*** Provided material

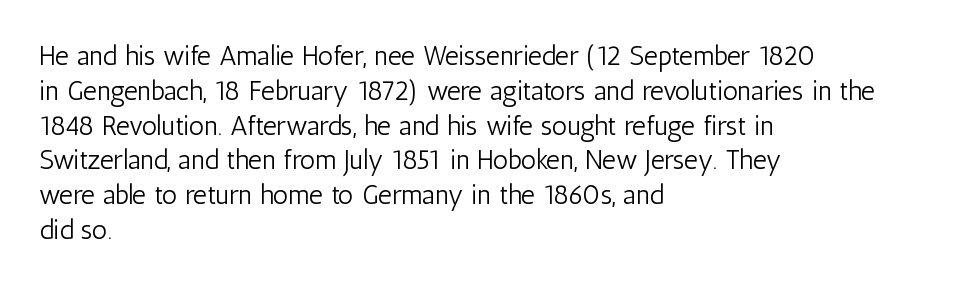
The image shows 27 px text type, upright; set left-aligned, normal line spacing (1.29x), normal letter spacing, not underlined.
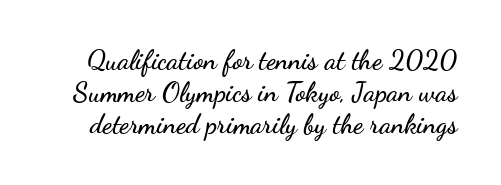
The image shows 27 px text type; set line spacing 1.18x, normal letter spacing, not underlined.
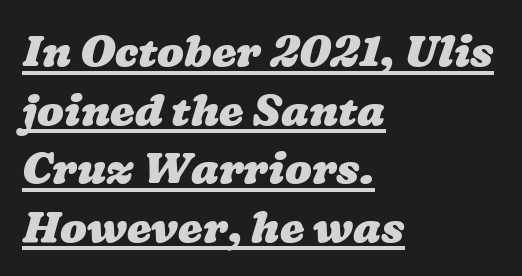
Q: Is the text bold? A: Yes.
Q: Is the text underlined? A: Yes.
Q: How is the paragraph aligned? A: Left-aligned.
Q: Is the spacing between letters normal or unusually wide? A: Normal.
Q: Is the spacing between lines tight, normal or loose? A: Normal.
Q: Width (condensed, normal, or wide)? A: Wide.
Q: Stroke contrast? A: Low.
Q: x-height? A: Medium.
Q: Monospaced? A: No.
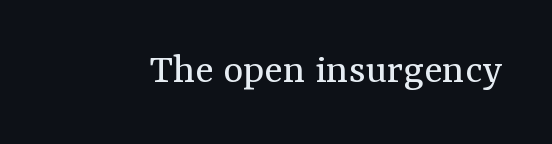
The image shows 43 px regular-weight serif type, upright; set normal letter spacing, not underlined; medium stroke contrast and a medium x-height.
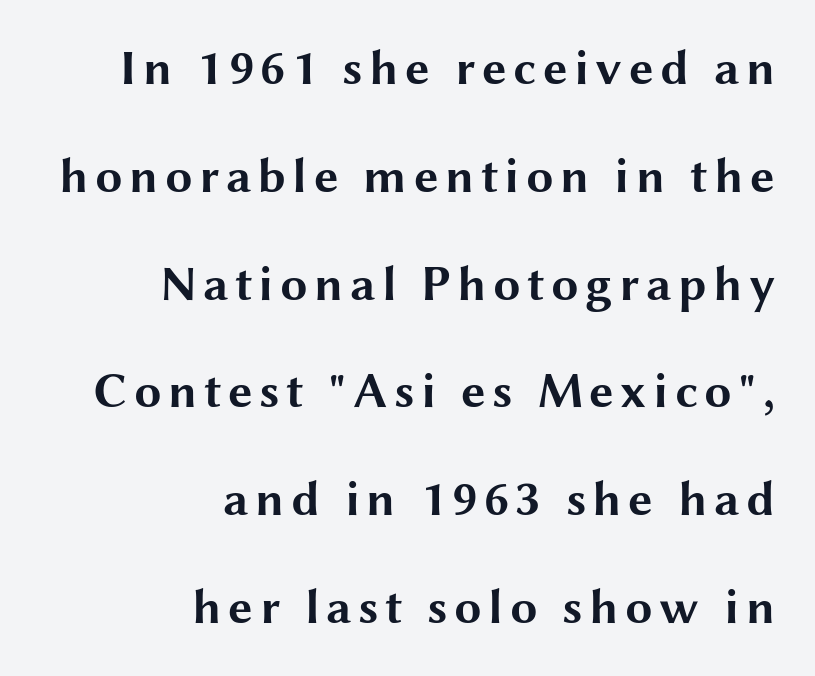
Q: Is the text bold? A: Yes.
Q: Is the text italic (slanted)? A: No, it is upright.
Q: Is the typeface a serif or a sans-serif typeface? A: Sans-serif.
Q: Is the text underlined? A: No.
Q: How is the paragraph aligned? A: Right-aligned.
Q: Is the spacing between lines tight, normal or loose? A: Loose.
Q: Width (condensed, normal, or wide)? A: Wide.
Q: Stroke contrast? A: Medium.
Q: x-height? A: Medium.
Q: Monospaced? A: No.
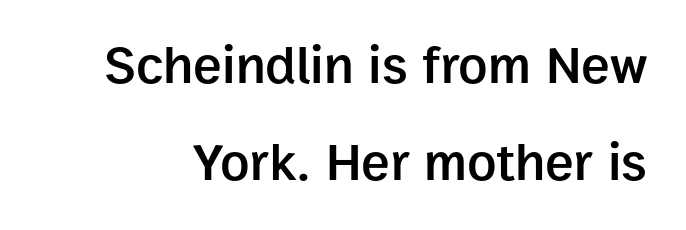
Q: Is the text bold? A: Semi-bold.
Q: Is the text italic (slanted)? A: No, it is upright.
Q: Is the typeface a serif or a sans-serif typeface? A: Sans-serif.
Q: Is the text underlined? A: No.
Q: Is the spacing between letters normal or unusually wide? A: Normal.
Q: Width (condensed, normal, or wide)? A: Normal.
Q: Stroke contrast? A: Low.
Q: x-height? A: Medium.
Q: Monospaced? A: No.
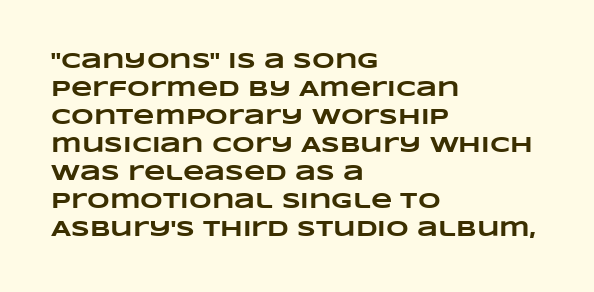
The image shows 22 px bold type; set left-aligned, normal line spacing (1.27x), normal letter spacing, not underlined.
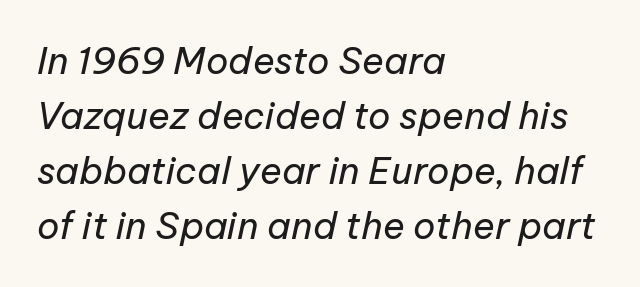
{"italic": "yes", "lean": "right", "slant_degrees": 12, "bold": "no", "weight": "regular", "width": "normal", "stroke_contrast": "low", "x_height": "medium", "monospaced": "no", "underline": "no", "align": "left", "line_spacing": "normal", "line_spacing_ratio": 1.49, "letter_spacing": "normal", "letter_spacing_em": 0.0, "glyph_px": 37}
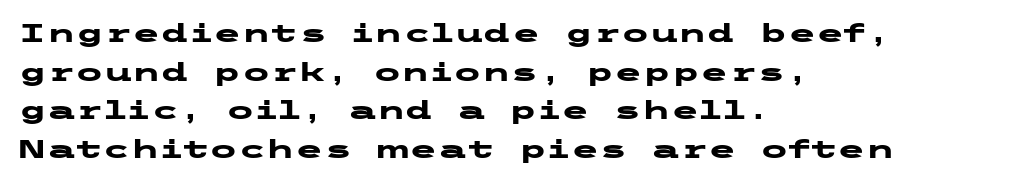
{"italic": "no", "bold": "yes", "underline": "no", "align": "left", "line_spacing": "normal", "line_spacing_ratio": 1.49, "letter_spacing": "normal", "letter_spacing_em": 0.0, "glyph_px": 26}
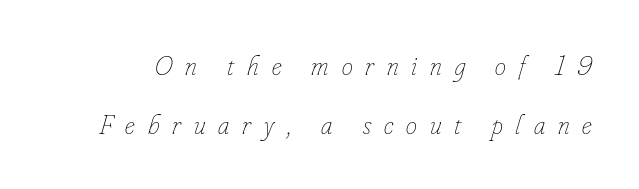
Q: Is the text bold? A: No.
Q: Is the text italic (slanted)? A: Yes, it leans right by about 16 degrees.
Q: Is the text underlined? A: No.
Q: Is the spacing between letters normal or unusually wide? A: Unusually wide.
Q: Is the spacing between lines tight, normal or loose? A: Loose.
Q: Width (condensed, normal, or wide)? A: Condensed.
Q: Stroke contrast? A: Low.
Q: x-height? A: Small.
Q: Monospaced? A: No.
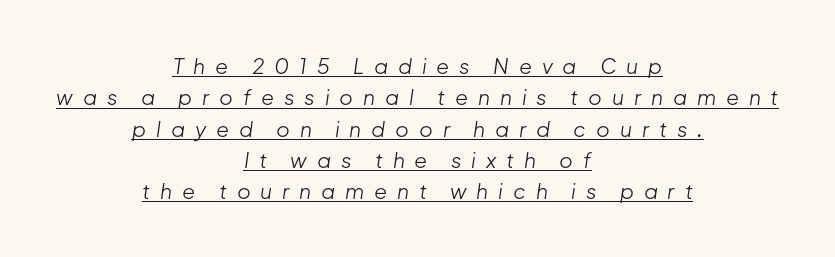
Q: Is the text bold? A: No.
Q: Is the text italic (slanted)? A: Yes, it leans right by about 8 degrees.
Q: Is the text underlined? A: Yes.
Q: How is the paragraph aligned? A: Centered.
Q: Is the spacing between letters normal or unusually wide? A: Unusually wide.
Q: Is the spacing between lines tight, normal or loose? A: Normal.
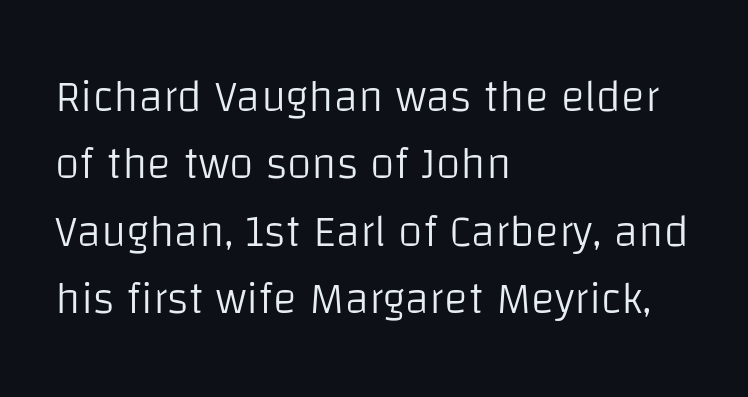
Q: Is the text bold? A: No.
Q: Is the text italic (slanted)? A: No, it is upright.
Q: Is the typeface a serif or a sans-serif typeface? A: Sans-serif.
Q: Is the text underlined? A: No.
Q: How is the paragraph aligned? A: Left-aligned.
Q: Is the spacing between letters normal or unusually wide? A: Normal.
Q: Is the spacing between lines tight, normal or loose? A: Normal.
Q: Width (condensed, normal, or wide)? A: Normal.
Q: Stroke contrast? A: Low.
Q: x-height? A: Large.
Q: Monospaced? A: No.

******

▸ **Exercise prompt**
Report, from the entries above, each line where "weight" is found.

▸ **Response below**
The image shows 43 px regular-weight serif type, upright; set normal letter spacing, not underlined; medium stroke contrast and a medium x-height.
{"italic": "yes", "lean": "right", "slant_degrees": 12, "bold": "no", "weight": "regular", "width": "normal", "stroke_contrast": "low", "x_height": "medium", "monospaced": "no", "underline": "no", "align": "left", "line_spacing": "normal", "line_spacing_ratio": 1.49, "letter_spacing": "normal", "letter_spacing_em": 0.0, "glyph_px": 37}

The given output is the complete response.